大谷に気付かれてはまずいのでもう枷はつけ直していたし、城主である三成が夜毎半ば罪人扱いの官兵衛の元へ行けばよからぬ噂が立つというのに。何度諭しても三成はその行動をやめようとはしなかった。
官兵衛の側ならば、夜も悪夢に魘されずに眠ることができる。
だから側にいるだけだと言いながら、三成は来るべき戦の為に精力的に動き続けていた。臣下たちと軍議を重ね、東へ居城を移した家康を徹底的に打ちのめそうと主張する大谷の意見を退け。同盟している他軍との連携も考え、野戦にすることを選んだ時に周囲から漏れたのはこれが本当にあの三成様かという声。
ただ目の前の敵を討ち倒すことしか考えていなかった過去の彼を知っている人間にとって、それは驚くべき事なのだろうが。官兵衛の影での助言もあったし、なにより三成は佐助の処刑を経て大きく成長したのだ。
自分にとって正しいことを全ての人間が受け入れてくれるとは限らない。
家康と三成の和平が正しいことと信じ、首をはねられる寸前まで追い込まれた佐助。彼のことを考えると猪突猛進を信条としているのではと陰口をたたかれていた三成も、様々な事を考えざるを得ない。
各地から集まってくる物資。
悪天候に巻き込まれることを考え厳重に密封される火薬や大筒の類。
物資の管理は得意な三成だが、さすがに各地の軍を巻き込む大戦に向けて集まる物資を一人で管理はできなかったらしい。大谷や官兵衛の手を借り、時には部下たちを叱りつけ。日々疲れ果て眠るのは、官兵衛の腕の中。
しかし三成から性的な関係を求めてくることはなかった。
ただ官兵衛の腕に己の腕を絡ませ、数刻だけ落ちついた寝息を立て。日が昇る前に、注意深く辺りを見回しながら部屋へ戻っていく。
子供のように体を擦りつけ甘えてくる三成に、体の奥底から愛おしさが湧き上がっては来るが、そこで抱いてしまうわけにはいかなかった。周囲の人間に気がつかれてしまうし、なにより三成がそれを望んでいない。
そんな理由で官兵衛は毎晩必死に耐えていた訳なのだが。
さすがに疲れてしまったので少しの間うとうとし、次に目を覚ましたした時には三成の姿はもう自分の布団の内から消えてしまっていた。窓の方を見れば、障子から透けて見える月はまだ空の高いところに鎮座している。
普段はもう少し月が下に落ちてから自分の部屋に戻るというのに。
今日は早めに戻りたかったのだろう、そう結論づけてそのまま眠ってしまおうかとも思ったのだが、どうにも落ち着かない。愛しい存在が目の前にいるというのに、手を出すこともできず。毎夜悶々とさせられていたのに、いなくなると寂しいというのはなんて自分勝手な考えなのだろう。
夜の空気は昼よりも遙かに冷たい。
だが優しさを含んだ静寂が体に触れ、奇妙な安堵感を官兵衛に与えてくれる。この心地よい静寂に誘われて外に出てしまったのだろうか、それならばきっと三成がいるのはあの場所に違いない。

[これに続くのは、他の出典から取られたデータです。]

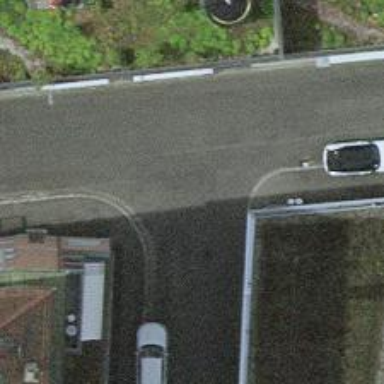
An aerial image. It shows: Residential road with asphalt surface and separate sidewalk.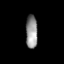
Tissue: lung
Cell type: Epithelial cells
Senescence score: 0.2426
Nuclear area (px): 378
Mean DAPI intensity: 147.151
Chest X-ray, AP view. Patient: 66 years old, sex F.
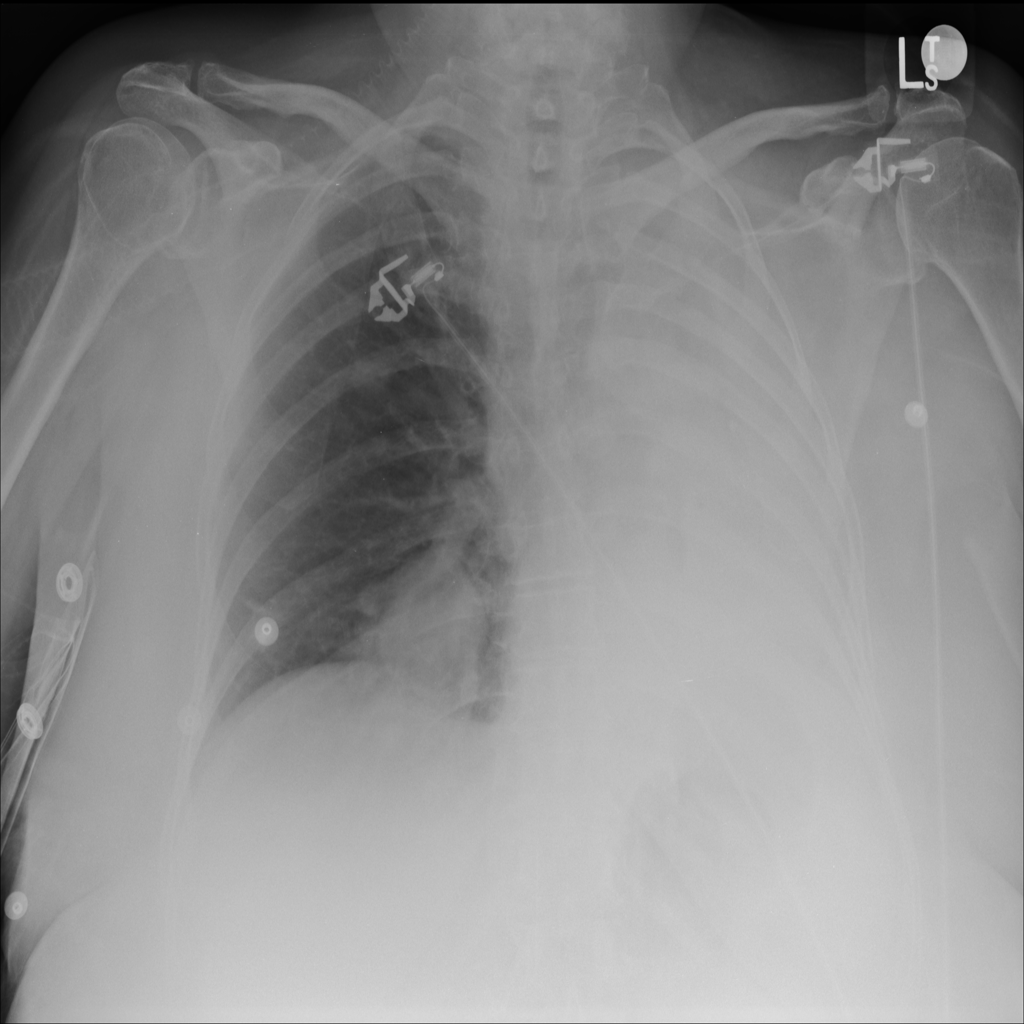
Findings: Mass, Nodule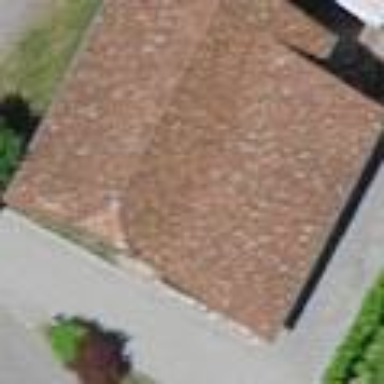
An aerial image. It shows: Rural barn.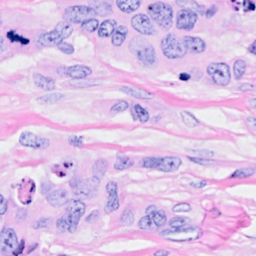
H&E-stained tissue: Breast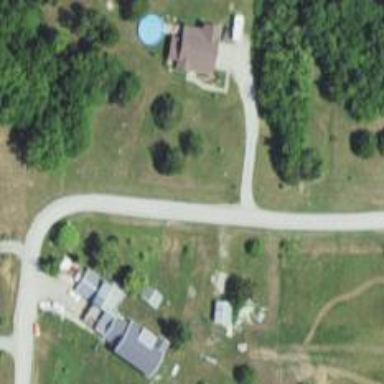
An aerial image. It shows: Residential road.
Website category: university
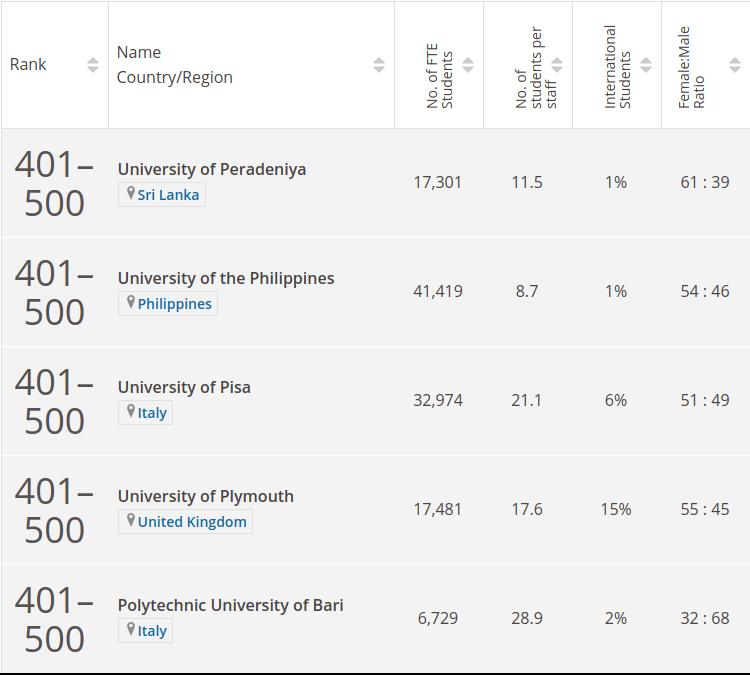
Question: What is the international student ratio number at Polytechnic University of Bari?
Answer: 2%

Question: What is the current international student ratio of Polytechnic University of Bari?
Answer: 2%

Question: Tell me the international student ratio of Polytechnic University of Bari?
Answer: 2%

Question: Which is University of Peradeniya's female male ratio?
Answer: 61 : 39

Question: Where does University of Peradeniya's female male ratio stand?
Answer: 61 : 39

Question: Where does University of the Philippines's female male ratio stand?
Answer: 54 : 46

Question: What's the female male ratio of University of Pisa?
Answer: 51 : 49

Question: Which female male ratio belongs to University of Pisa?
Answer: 51 : 49

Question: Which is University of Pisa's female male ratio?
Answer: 51 : 49

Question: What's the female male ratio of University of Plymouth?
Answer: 55 : 45

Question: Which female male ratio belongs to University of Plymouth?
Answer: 55 : 45

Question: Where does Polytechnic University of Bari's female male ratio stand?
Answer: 32 : 68

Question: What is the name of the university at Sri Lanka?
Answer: University of Peradeniya

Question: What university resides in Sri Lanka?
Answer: University of Peradeniya

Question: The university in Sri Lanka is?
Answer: University of Peradeniya

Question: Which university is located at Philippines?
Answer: University of the Philippines

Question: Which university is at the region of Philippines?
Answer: University of the Philippines

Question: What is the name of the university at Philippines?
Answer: University of the Philippines

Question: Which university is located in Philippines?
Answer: University of the Philippines

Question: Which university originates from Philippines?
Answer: University of the Philippines

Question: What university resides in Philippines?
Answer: University of the Philippines

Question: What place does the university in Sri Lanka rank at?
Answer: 401500

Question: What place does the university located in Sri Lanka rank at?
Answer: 401500

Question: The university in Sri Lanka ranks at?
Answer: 401500

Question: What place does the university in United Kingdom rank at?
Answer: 401500

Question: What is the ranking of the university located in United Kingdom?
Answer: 401500

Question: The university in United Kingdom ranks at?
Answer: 401500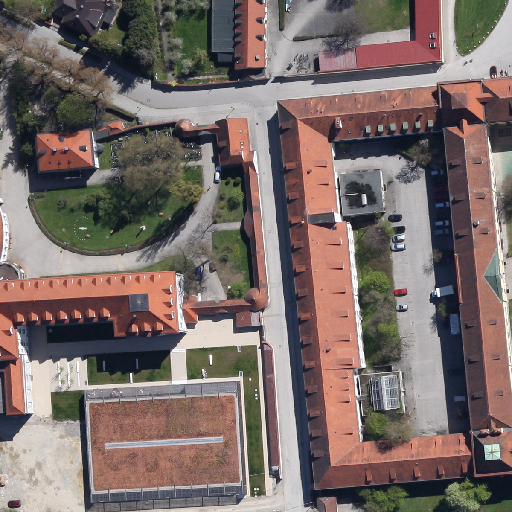
Referring expression: vehicle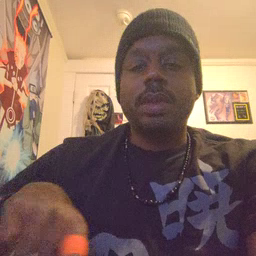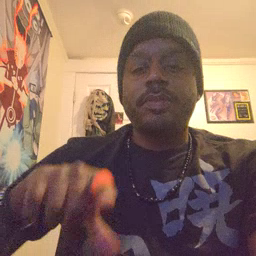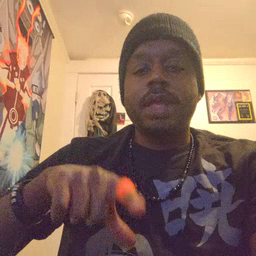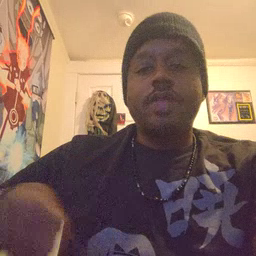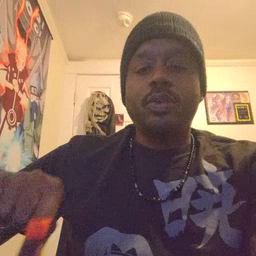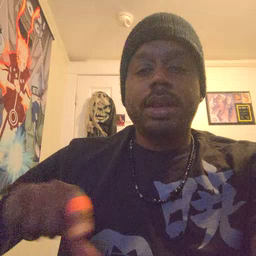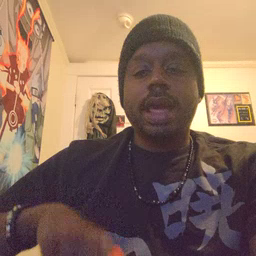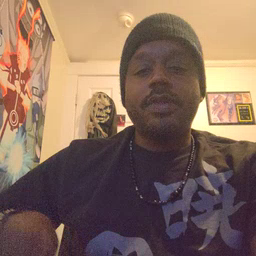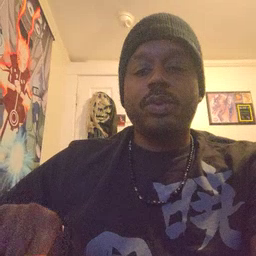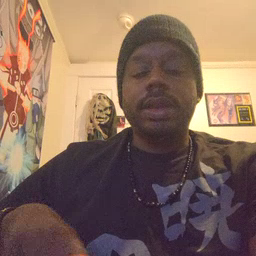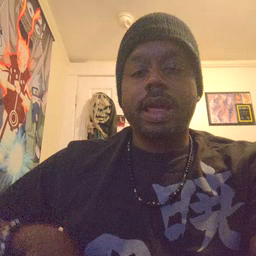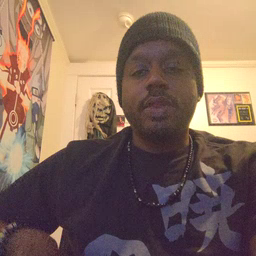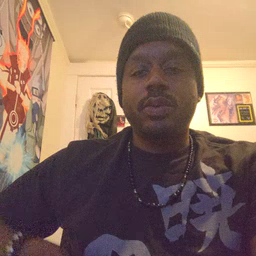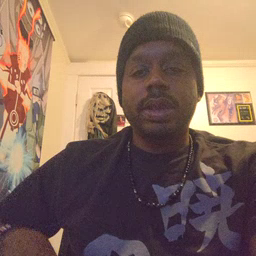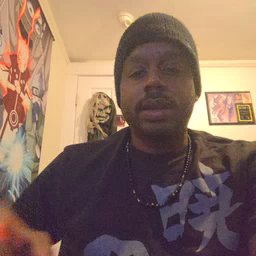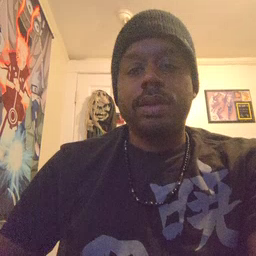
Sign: underwear

深夜なので眠っている人々を起こさないように気をつけながら鉄球を引きずり、たどり着いたのはいつもの場所。
何かを考えたい時、三成はいつも一人でここにいる。
もう雪は積もっていないし、戦車に繋がれた巨大極まりない馬も足を折って安らかな寝息を立てている。そして戦車天君が思う存分に動く事ができる広大な空間の真ん中には、夜着ではなく普通の袴姿に着替えた三成の姿があった。
地面に腰を下ろすわけでもなく、ぼうっと立ち尽くしていいる彼に声を掛けようとすると。
「…………官兵衛か」
「なにしてんだよ、こんなところで」
「刑部と話をしてきた」
地面に鉄球で線を引きながら近づいてくる官兵衛の方へ体を向き直し、三成は短くそれだけを言う。
「…………刑部と? 何を話してきたんだ?」
「色々だ…………今までのことと、そしてこれからのことと言えばいいのか……」
「結果はどうだった」
「私たちは相容れない、それはわかった。そして刑部の命が尽きようとしていることも……冬まで生きられるかどうか……」
「おいおい……」
二人が何を話したのかを、三成が詳しく話してくれることはないだろう。
淡々と大切な友人の死期について語る三成の顔からは、悲しみの色は感じられなかった。あまりにも事実が重すぎて受け止められないのか、それとも刑部との会話の中で何かを悟ったのか。どちらにしても三成は彼と何かを話し、全てを受け入れた。きっと自分の意見も伝え、彼らの間でなんらかの和解がはたされたのだろう。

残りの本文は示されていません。